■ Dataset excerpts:
--------
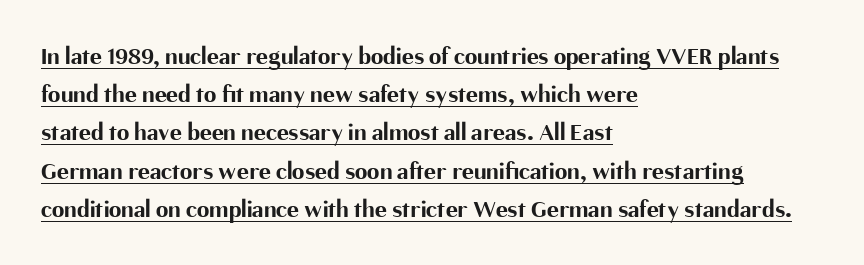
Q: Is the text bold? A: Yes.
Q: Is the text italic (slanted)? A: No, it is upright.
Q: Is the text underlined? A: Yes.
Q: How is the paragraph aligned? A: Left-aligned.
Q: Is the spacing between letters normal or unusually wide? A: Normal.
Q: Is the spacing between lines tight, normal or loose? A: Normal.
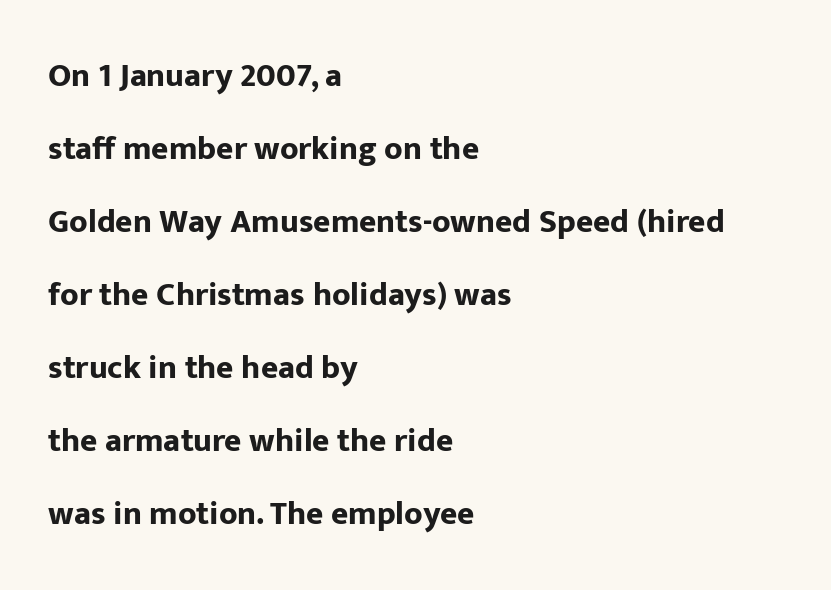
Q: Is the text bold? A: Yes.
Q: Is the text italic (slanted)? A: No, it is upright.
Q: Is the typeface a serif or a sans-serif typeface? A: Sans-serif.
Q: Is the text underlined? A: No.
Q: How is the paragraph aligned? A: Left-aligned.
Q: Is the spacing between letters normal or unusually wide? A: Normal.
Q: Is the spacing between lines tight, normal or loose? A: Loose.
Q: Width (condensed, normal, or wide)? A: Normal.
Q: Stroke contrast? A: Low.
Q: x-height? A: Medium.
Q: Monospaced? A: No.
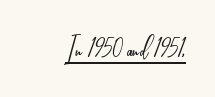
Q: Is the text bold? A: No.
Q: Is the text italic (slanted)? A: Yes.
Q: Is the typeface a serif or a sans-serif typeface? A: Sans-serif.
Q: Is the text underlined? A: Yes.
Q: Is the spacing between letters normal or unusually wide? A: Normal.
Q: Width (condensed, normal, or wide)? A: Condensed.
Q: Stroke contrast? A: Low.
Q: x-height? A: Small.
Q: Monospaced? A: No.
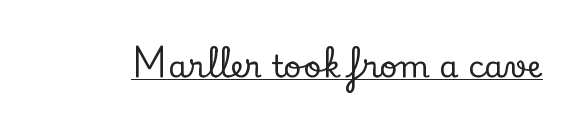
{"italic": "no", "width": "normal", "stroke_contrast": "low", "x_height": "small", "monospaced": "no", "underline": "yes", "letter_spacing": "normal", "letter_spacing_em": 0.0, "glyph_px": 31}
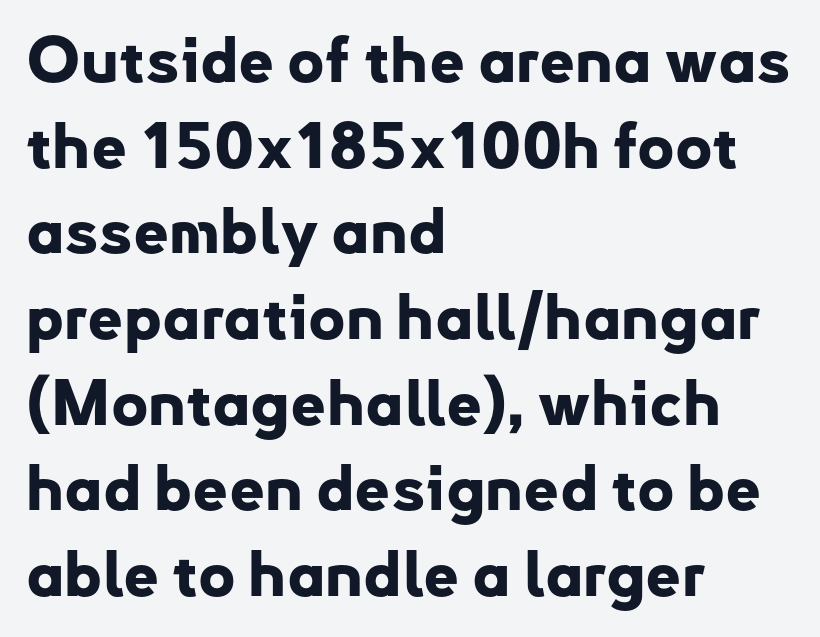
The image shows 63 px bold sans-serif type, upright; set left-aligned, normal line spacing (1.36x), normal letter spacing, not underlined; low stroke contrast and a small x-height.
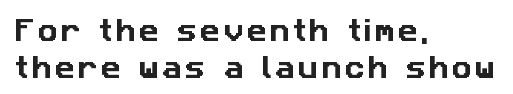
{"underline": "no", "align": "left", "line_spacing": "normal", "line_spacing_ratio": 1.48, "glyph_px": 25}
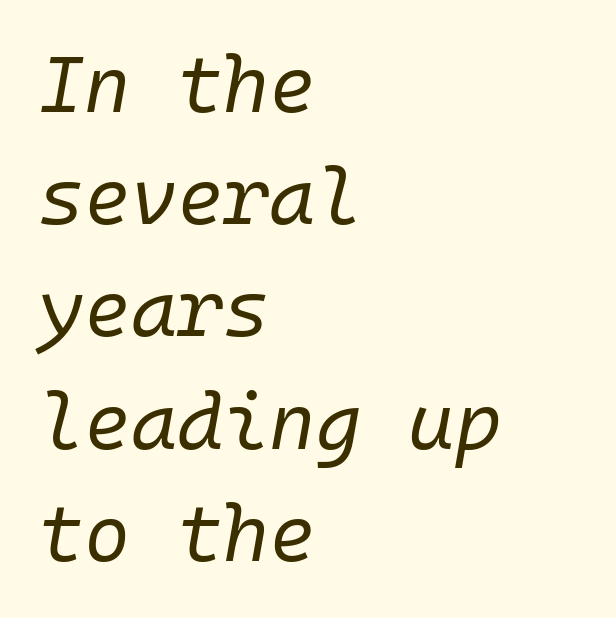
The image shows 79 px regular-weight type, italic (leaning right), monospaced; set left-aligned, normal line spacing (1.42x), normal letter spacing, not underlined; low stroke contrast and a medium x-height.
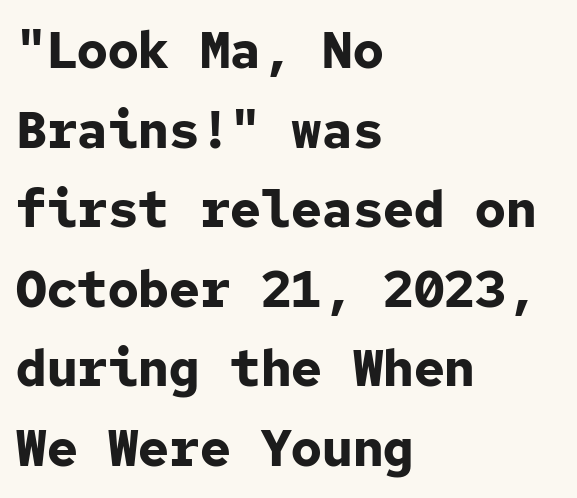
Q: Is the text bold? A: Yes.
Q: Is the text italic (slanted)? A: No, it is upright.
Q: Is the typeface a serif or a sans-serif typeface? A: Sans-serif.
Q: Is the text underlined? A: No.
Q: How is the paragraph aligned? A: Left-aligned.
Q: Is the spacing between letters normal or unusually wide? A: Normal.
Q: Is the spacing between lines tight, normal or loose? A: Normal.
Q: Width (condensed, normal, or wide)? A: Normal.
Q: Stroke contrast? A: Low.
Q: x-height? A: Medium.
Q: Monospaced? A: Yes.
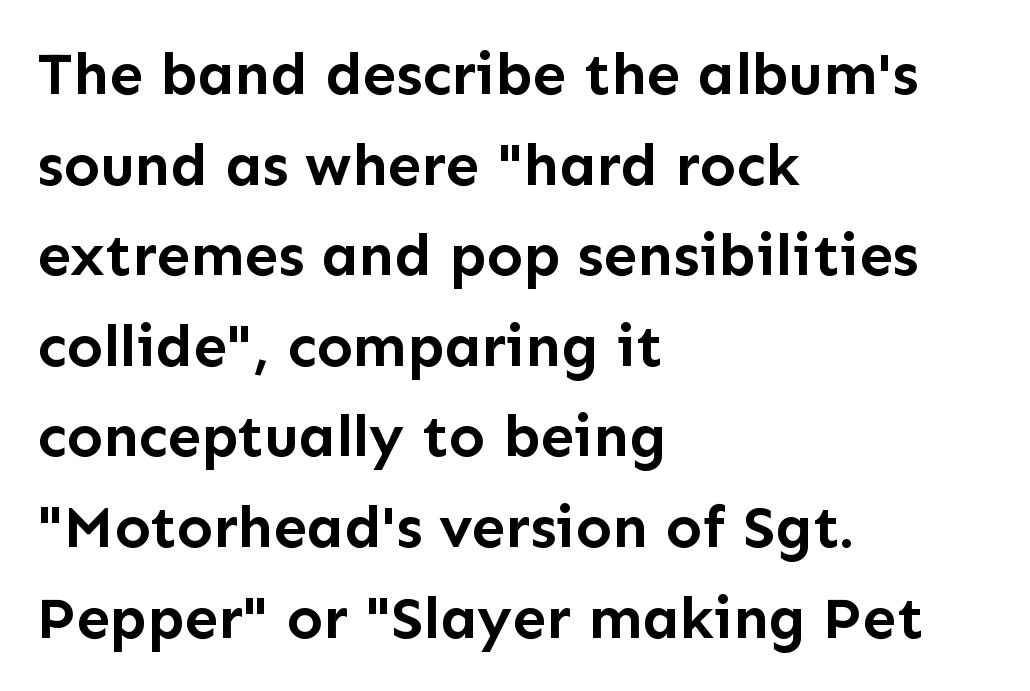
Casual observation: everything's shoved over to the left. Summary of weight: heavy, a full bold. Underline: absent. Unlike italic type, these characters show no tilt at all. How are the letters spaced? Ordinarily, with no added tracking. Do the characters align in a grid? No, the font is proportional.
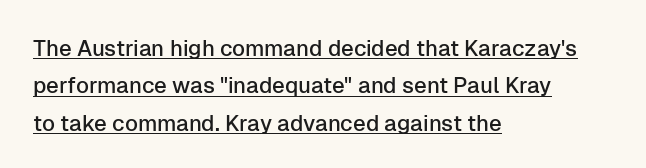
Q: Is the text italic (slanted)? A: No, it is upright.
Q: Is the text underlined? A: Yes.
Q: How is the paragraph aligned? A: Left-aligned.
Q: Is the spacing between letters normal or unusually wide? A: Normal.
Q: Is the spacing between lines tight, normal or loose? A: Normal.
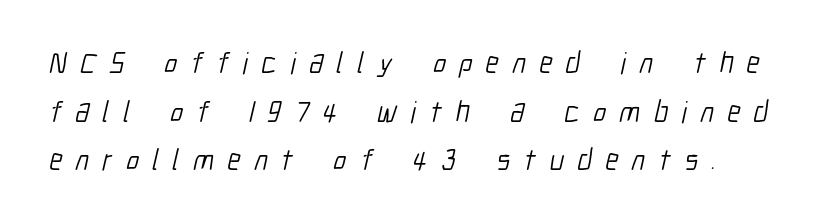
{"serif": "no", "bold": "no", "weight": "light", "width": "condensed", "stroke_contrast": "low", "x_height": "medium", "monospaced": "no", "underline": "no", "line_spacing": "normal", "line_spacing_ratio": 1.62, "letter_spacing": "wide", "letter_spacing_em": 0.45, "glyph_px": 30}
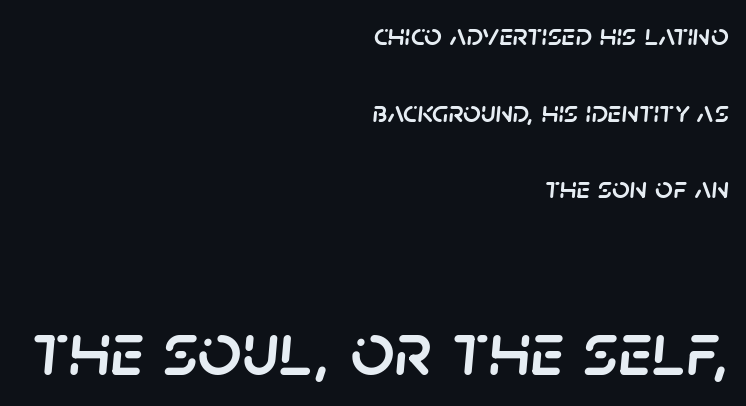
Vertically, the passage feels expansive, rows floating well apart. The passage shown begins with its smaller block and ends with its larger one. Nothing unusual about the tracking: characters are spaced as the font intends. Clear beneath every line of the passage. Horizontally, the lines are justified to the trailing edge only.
--------
■ DIRECTIONS FOR THIS TASK: All the records need to be set down word for word, with the images left out.

■ WRITTEN REPLY:
Q: Is the text bold? A: Yes.
Q: Is the text italic (slanted)? A: No, it is upright.
Q: Is the text underlined? A: Yes.
Q: How is the paragraph aligned? A: Left-aligned.
Q: Is the spacing between letters normal or unusually wide? A: Normal.
Q: Is the spacing between lines tight, normal or loose? A: Normal.
Q: Is the text bold? A: Yes.
Q: Is the text italic (slanted)? A: No, it is upright.
Q: Is the typeface a serif or a sans-serif typeface? A: Sans-serif.
Q: Is the text underlined? A: No.
Q: How is the paragraph aligned? A: Left-aligned.
Q: Is the spacing between letters normal or unusually wide? A: Normal.
Q: Is the spacing between lines tight, normal or loose? A: Loose.
Q: Width (condensed, normal, or wide)? A: Normal.
Q: Stroke contrast? A: Low.
Q: x-height? A: Medium.
Q: Monospaced? A: No.
Q: Is the text bold? A: No.
Q: Is the text italic (slanted)? A: Yes.
Q: Is the typeface a serif or a sans-serif typeface? A: Sans-serif.
Q: Is the text underlined? A: Yes.
Q: Is the spacing between letters normal or unusually wide? A: Normal.
Q: Width (condensed, normal, or wide)? A: Condensed.
Q: Stroke contrast? A: Low.
Q: x-height? A: Small.
Q: Monospaced? A: No.
{"italic": "no", "width": "normal", "stroke_contrast": "low", "x_height": "small", "monospaced": "no", "underline": "yes", "letter_spacing": "normal", "letter_spacing_em": 0.0, "glyph_px": 31}
The image shows 63 px bold sans-serif type, upright; set left-aligned, normal line spacing (1.36x), normal letter spacing, not underlined; low stroke contrast and a small x-height.
{"underline": "no", "align": "left", "line_spacing": "normal", "line_spacing_ratio": 1.48, "glyph_px": 25}
The image shows 79 px regular-weight type, italic (leaning right), monospaced; set left-aligned, normal line spacing (1.42x), normal letter spacing, not underlined; low stroke contrast and a medium x-height.
Q: Is the text bold? A: Yes.
Q: Is the text italic (slanted)? A: No, it is upright.
Q: Is the typeface a serif or a sans-serif typeface? A: Sans-serif.
Q: Is the text underlined? A: No.
Q: How is the paragraph aligned? A: Left-aligned.
Q: Is the spacing between letters normal or unusually wide? A: Normal.
Q: Is the spacing between lines tight, normal or loose? A: Normal.
Q: Width (condensed, normal, or wide)? A: Normal.
Q: Stroke contrast? A: Low.
Q: x-height? A: Medium.
Q: Monospaced? A: Yes.
Casual observation: everything's shoved over to the left. Summary of weight: heavy, a full bold. Underline: absent. Unlike italic type, these characters show no tilt at all. How are the letters spaced? Ordinarily, with no added tracking. Do the characters align in a grid? No, the font is proportional.
Q: Is the text italic (slanted)? A: No, it is upright.
Q: Is the text underlined? A: Yes.
Q: How is the paragraph aligned? A: Left-aligned.
Q: Is the spacing between letters normal or unusually wide? A: Normal.
Q: Is the spacing between lines tight, normal or loose? A: Normal.
{"serif": "no", "bold": "no", "weight": "light", "width": "condensed", "stroke_contrast": "low", "x_height": "medium", "monospaced": "no", "underline": "no", "line_spacing": "normal", "line_spacing_ratio": 1.62, "letter_spacing": "wide", "letter_spacing_em": 0.45, "glyph_px": 30}
Vertically, the passage feels expansive, rows floating well apart. The passage shown begins with its smaller block and ends with its larger one. Nothing unusual about the tracking: characters are spaced as the font intends. Clear beneath every line of the passage. Horizontally, the lines are justified to the trailing edge only.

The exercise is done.